Sunday, November 29, 2020

The Only Constant is.....

There is a rime of frost on the deck railing. The ground is painted with it. The rising sun has begun to clear a path through the trees and it illuminates the bark of its neighbors deeper into the woods than before.

It is November and winter is close by. Our first snow was in October and it created an ethereal world of unique color. Change is in the air, at least for nature.

Thinking back over the past too-many months, we have adjusted to many changes of our own. Summers, for instance, have always had days filled with laughter and camaraderie, food grilled and shared, close conversations murmured late into the night in front of flickering bonfires. Trips to the beach, travel to foreign lands, hugging and touching and connections made without a care in the world. Our winters, with layers of snow insulating us, kept us mostly indoors as we shared tables groaning with food and cozy visits where we removed our snowy boots in the hall and reached for warming cups of tea after a generous hug. We read, make puzzles, cook sustaining meals, and think.

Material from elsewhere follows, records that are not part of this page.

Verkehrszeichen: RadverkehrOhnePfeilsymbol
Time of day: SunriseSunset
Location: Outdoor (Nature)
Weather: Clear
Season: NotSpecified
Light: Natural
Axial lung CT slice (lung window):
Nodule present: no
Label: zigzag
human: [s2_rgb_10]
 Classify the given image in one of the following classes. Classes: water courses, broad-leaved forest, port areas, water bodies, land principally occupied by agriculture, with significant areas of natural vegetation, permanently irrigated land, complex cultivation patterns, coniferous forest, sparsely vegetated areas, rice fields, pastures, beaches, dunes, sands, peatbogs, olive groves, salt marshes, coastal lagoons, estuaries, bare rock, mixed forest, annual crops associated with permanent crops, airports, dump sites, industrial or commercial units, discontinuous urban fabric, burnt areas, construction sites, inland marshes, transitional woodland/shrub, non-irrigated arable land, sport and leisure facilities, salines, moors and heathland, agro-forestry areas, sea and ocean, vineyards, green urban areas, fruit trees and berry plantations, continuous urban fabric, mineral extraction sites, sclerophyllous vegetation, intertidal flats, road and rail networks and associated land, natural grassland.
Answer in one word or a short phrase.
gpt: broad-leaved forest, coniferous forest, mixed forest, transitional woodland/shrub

There has always been a natural balance to our seasons and it is missing this year. Many of us have been too much in our heads for most all of this year. Although it began optimistically, the days and freedoms quickly narrowed to one place and a reluctant sameness ruled. We did what we needed to in order to keep others safe from the virus. In the process, we discovered what we were missing most in our lives. Some things were revelations, others a deep pain to the heart. We have been separated from those who need us most, each of us having to shoulder burdens of grief and distress virtually alone. As the numbers rise, I feel weary of our careful restrictions, but plod on for the good of my family and friends.

I told myself that I am okay with more solitude, okay with phone calls and listening to the joys of others expressed through a handheld device instead of in person. But while I was okay with it for a while, I no longer feel that way. I am missing so much that it hurts.

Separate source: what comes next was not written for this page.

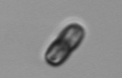
Label: pennate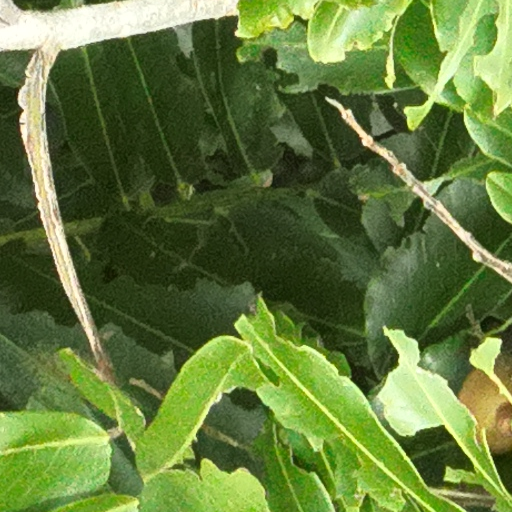
Species: Dipteryx oleifera
GBIF accepted scientific name: Dipteryx oleifera
Crown area (m\u00b2): 364.239

A big part of this is that my brother’s 62nd birthday was this week. He died in July. We watched his Ohio funeral on You Tube. As I went through my stash of birthday cards last week, I pulled out Jim’s, smiling at the message. He will like it. I went back through the stack twice more, looking for Jon’s. I always buy my brothers' cards at the same time.

Then I remembered. Tears have been gathering ever since.

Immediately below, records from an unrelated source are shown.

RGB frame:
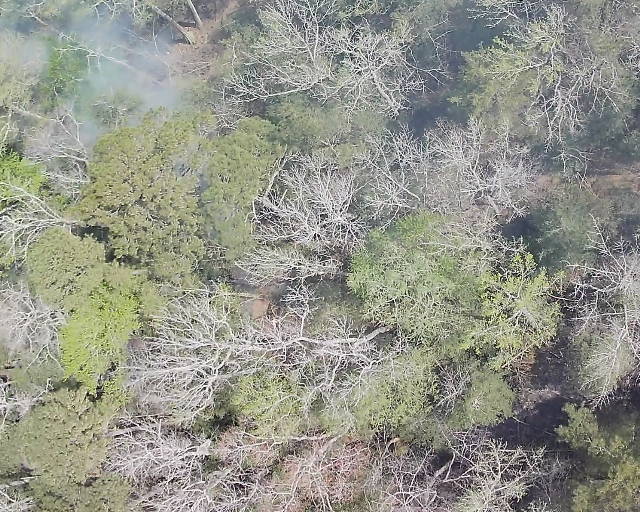
Thermal frame:
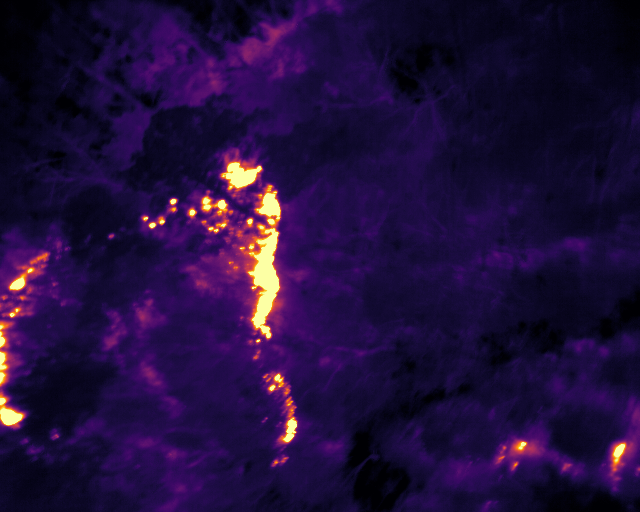
Captured: 2026-02-26 03:43:20
Pixels at or above 80 °C: 2640 (fraction of frame: 0.008057)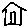
Label: house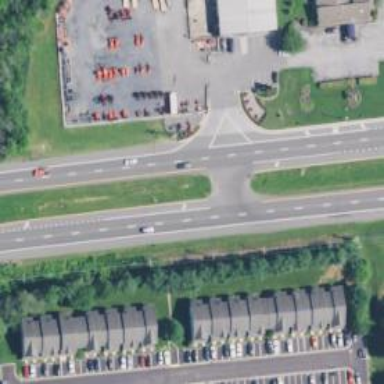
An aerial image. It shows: Trunk link highway.

I miss hugging something awful.  When the nurse cradled my arm against her hip as she took my blood pressure a few weeks ago, I drank in the feeling of contact. Someone laughed in another room and it felt remarkable. Sue and I, safe for each other right now, worked on a puzzle together for the first time since last winter. It felt marvelous. I am keen on noticing these small pleasures. I drink them in as I would a spectacular sunset. Solitude, something I treasure, a state where I am my most creative, I now find burdensome. I need to find a way out of all this waiting.

I do not mind the thick blanket of leaves on the ground this year as they signal another passage of time that might allow us to reach some semblance of normal soon. I scuff through them on my way to the studio, releasing their crisp autumnal fragrance. I dig out the cozy afghans, draping one over my legs as I settle into the corner of the couch to read. I cook – even better than before – winging it and writing details down when the flavors prompt us to scrape the juices off the plate with a heel of bread. I have forsaken TV in favor of soothing nature films and vlogs on You Tube. They calm my anxiety over what I cannot control and reduced the plethora of negative commentaries filtering into my brain during this contentious month. I bake bread, learn new things. I clean my home and purge out the unused and no longer necessary. I meditate, stilling my fractured mind. I accept what I cannot change (sometimes not particularly gracefully) and pay attention to the blessings that will console me when times are difficult.

It is still too early to put the birdfeeders out. Bears are roaming, foraging for their last few meals before hibernating. Once they do, winter will bring the pleasure of birds nearer to my windows. The cooling air brings with it cozy nights and snow-blown days. Whiteness offers a refreshing vista. The slate is clean for a while. I can draw what I want on it. 

I do not want this winter to have the sameness of the previous nine months, or even the sameness of last winter. With the snowfall, I will clear my own slate in order to welcome new experiences, new thankfulness.